Submitting writes the value to tools/<id>/.env. The file is created with mode 600 on POSIX. The value is never displayed back, even immediately after saving — the UI just shows the new “set” status.

Setting a secret from Claude Code

Set the OPENAI_API_KEY for whisper-transcription

This triggers the set-secret skill, which asks for the value (reading it from stdin without echoing), writes it to .env, and confirms — never logging or printing the value back.

How secrets stay out of logs

pixie/secrets.py installs a SecretMaskingFilter on the root logger at startup. Whenever a tool’s .env is read, every value of length ≥ 4 is registered with the filter. Subsequent log records have their msg scrubbed for any registered value before being emitted.

This catches three common leak paths:

  • Exception messages that interpolate secrets (“Request failed with key sk-...”) — masked.
  • Debug logs that dump the request env — masked.
  • Validator stderr captured in spawn_log — masked.

The filter does not catch:

  • Secrets your tool returns in its outputs_json (the runtime can’t know which strings are secrets at output time). Don’t include secrets in outputs.
  • Secrets your tool writes to its own files outside the .env.
  • Secrets baked into source code (this is why lint-tool flags hardcoded secrets).

.env is gitignored, always

The .gitignore shipped with Pixie includes:

tools/*/.env

If you fork a tool folder by hand, double-check this is honoured.

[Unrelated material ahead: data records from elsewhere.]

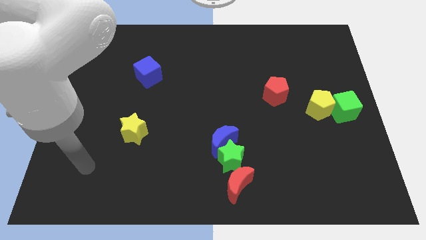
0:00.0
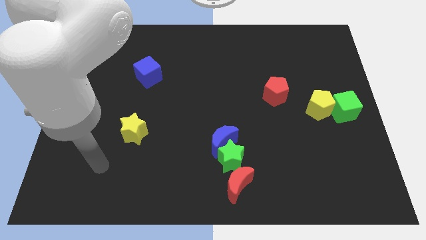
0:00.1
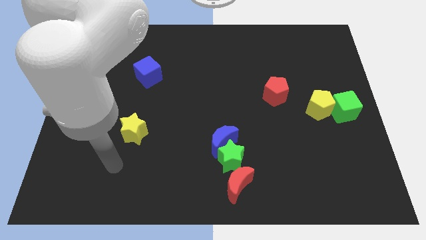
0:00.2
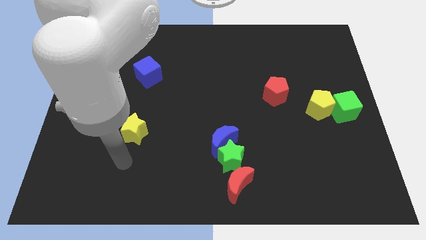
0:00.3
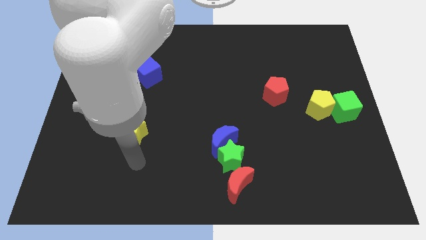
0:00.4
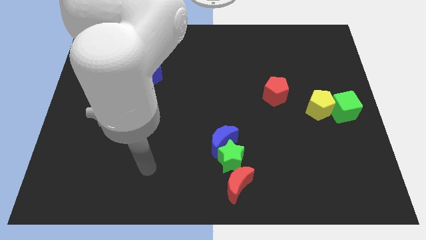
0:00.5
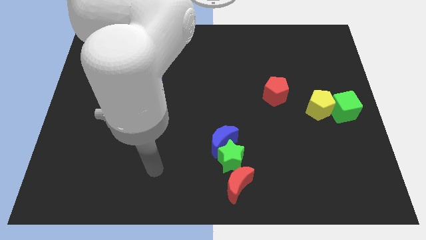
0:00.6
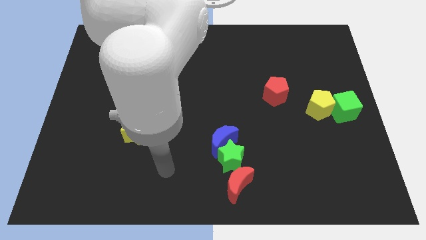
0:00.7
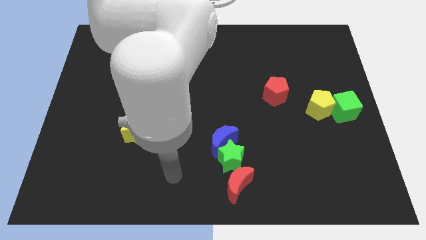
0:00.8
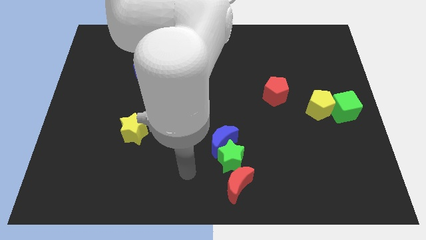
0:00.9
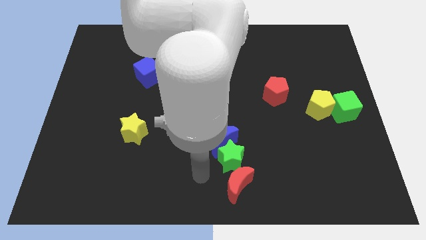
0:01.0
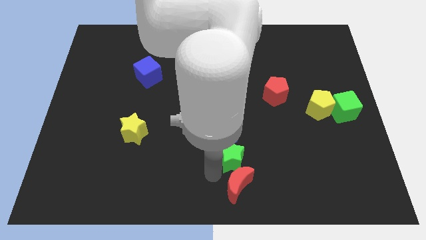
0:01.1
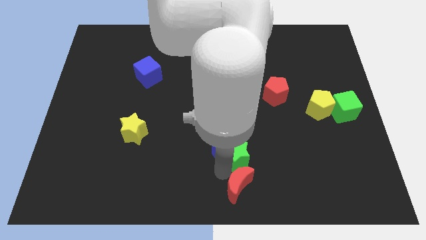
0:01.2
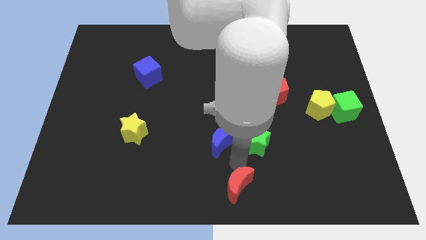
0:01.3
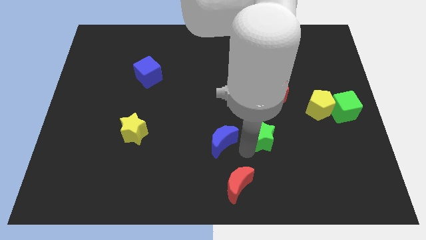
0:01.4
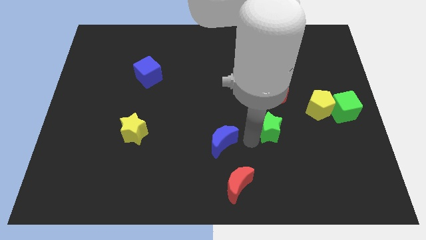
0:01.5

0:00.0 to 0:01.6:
pull the blue moon apart from the green star

The lint-tool skill flags .env files that aren’t covered by .gitignore.

Sharing a tool that needs secrets

share-tool packages a tool’s source as a .zip for distribution. It explicitly excludes:

  • .venv/ (platform-specific bloat)
  • .env (your secrets)
  • .git/ (irrelevant)
  • data/ (often large; not part of the tool)

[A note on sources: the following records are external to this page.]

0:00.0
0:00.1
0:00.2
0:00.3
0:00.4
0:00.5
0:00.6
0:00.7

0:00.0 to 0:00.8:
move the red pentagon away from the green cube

The recipient runs uv sync to rebuild the venv and set-secret (or edits .env by hand) to set their own credentials.

import-tool (the inverse) refuses zips that contain .env files for the same reason.

Pixie itself doesn’t keep secrets

Pixie has no secrets of its own. There’s no master password, no admin token, no encryption key — the whole app binds to 127.0.0.1 and trusts the OS user. If you need credentialed multi-user access to a tool, Pixie isn’t the right shape; reach for a hosted runtime that does AuthN/AuthZ.